Le raisonnement est identique s’agissant de la prétendue existence d’une entreprise à l’étranger, les recourants n’avançant aucun élément supplémentaire démontrant l’existence de celle-ci.

b. Les recourants invoquent enfin l’existence d’établissements stables sis à l’étranger, Mmes I______, J______ et K______ et M. P______, consultants pour d’D______ LP ayant réalisé des mandats depuis leur domicile et depuis les locaux de clients.

Le domicile des précités et les locaux des clients ne constituent pas des établissements stables en raison du caractère provisoire de ces lieux de travail.

Ce grief sera dès lors également écarté.

6) Au vu de ce qui précède, le recours sera rejeté.

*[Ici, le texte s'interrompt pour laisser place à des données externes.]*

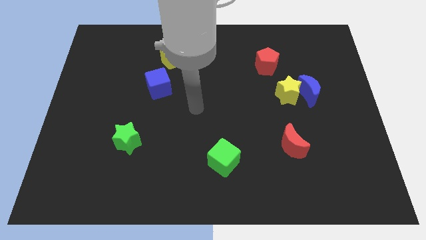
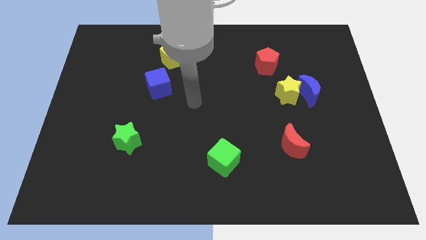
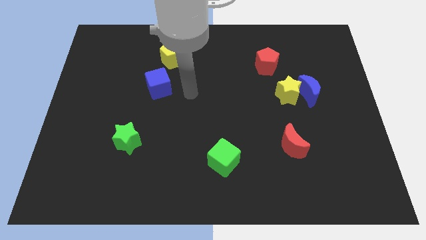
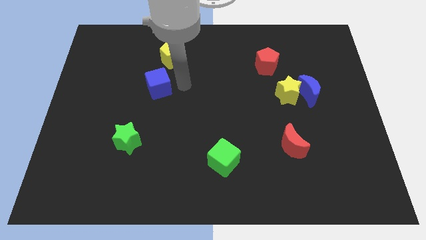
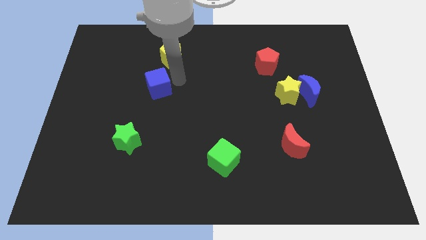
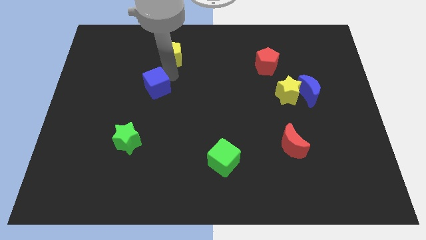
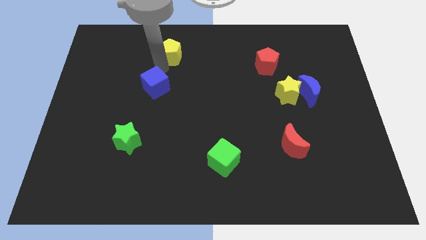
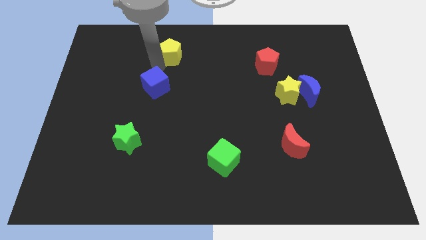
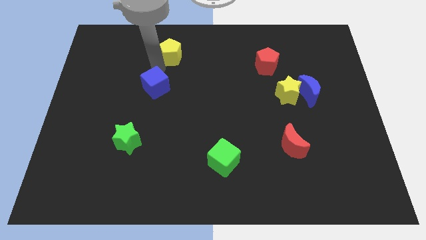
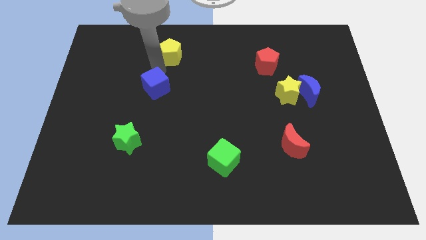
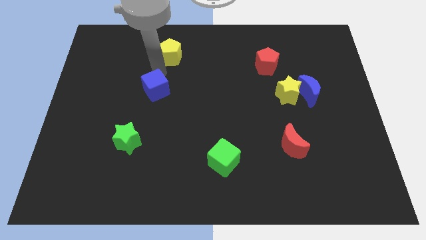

7) Vu l’issue du litige, un émolument de CHF 1'000.- sera mis à la charge des recourants, pris conjointement et solidairement, qui succombent (art. 87 al. 1 LPA) et aucune indemnité de procédure ne leur sera allouée (art. 87 al. 2 LPA).

 

* * * * *

PAR CES MOTIFS
LA CHAMBRE ADMINISTRATIVE

à la forme :

déclare recevable le recours interjeté le 24 octobre 2016 par Madame A______ et Monsieur B______ contre le jugement du Tribunal administratif de première instance du 19 septembre 2016 ;

au fond :

le rejette ;

met un émolument de CHF 1'000.- à la charge de Madame A______ et Monsieur B______, pris conjointement et solidairement ;

dit qu’il ne leur est pas alloué d’indemnité de procédure ;

dit que conformément aux art. 82 ss de la loi fédérale sur le Tribunal fédéral du 17 juin 2005 (LTF – RS 173.110), le présent arrêt peut être porté dans les trente jours qui suivent sa notification par-devant le Tribunal fédéral, par la voie du recours en matière de droit public ; le mémoire de recours doit indiquer les conclusions, motifs et moyens de preuve et porter la signature du recourant ou de son mandataire ; il doit être adressé au Tribunal fédéral, 1000 Lausanne 14, par voie postale ou par voie électronique aux conditions de l’art. 42 LTF. Le présent arrêt et les pièces en possession du recourant invoquées comme moyens de preuve, doivent être joints à l’envoi ;

communique le présent arrêt à Beau HLB (Genève) SA, mandataire des recourants, à l'administration fiscale cantonale, à l’administration fédérale des contributions, ainsi qu’au Tribunal administratif de première instance.

Siégeant : Mme Junod, présidente, Mme Krauskopf et M. Verniory, juges.

Au nom de la chambre administrative :

la greffière-juriste :

 

 

F. Cichocki

 

 

la présidente siégeant :

 

 

Ch. Junod

 

 

Copie conforme de cet arrêt a été communiquée aux parties.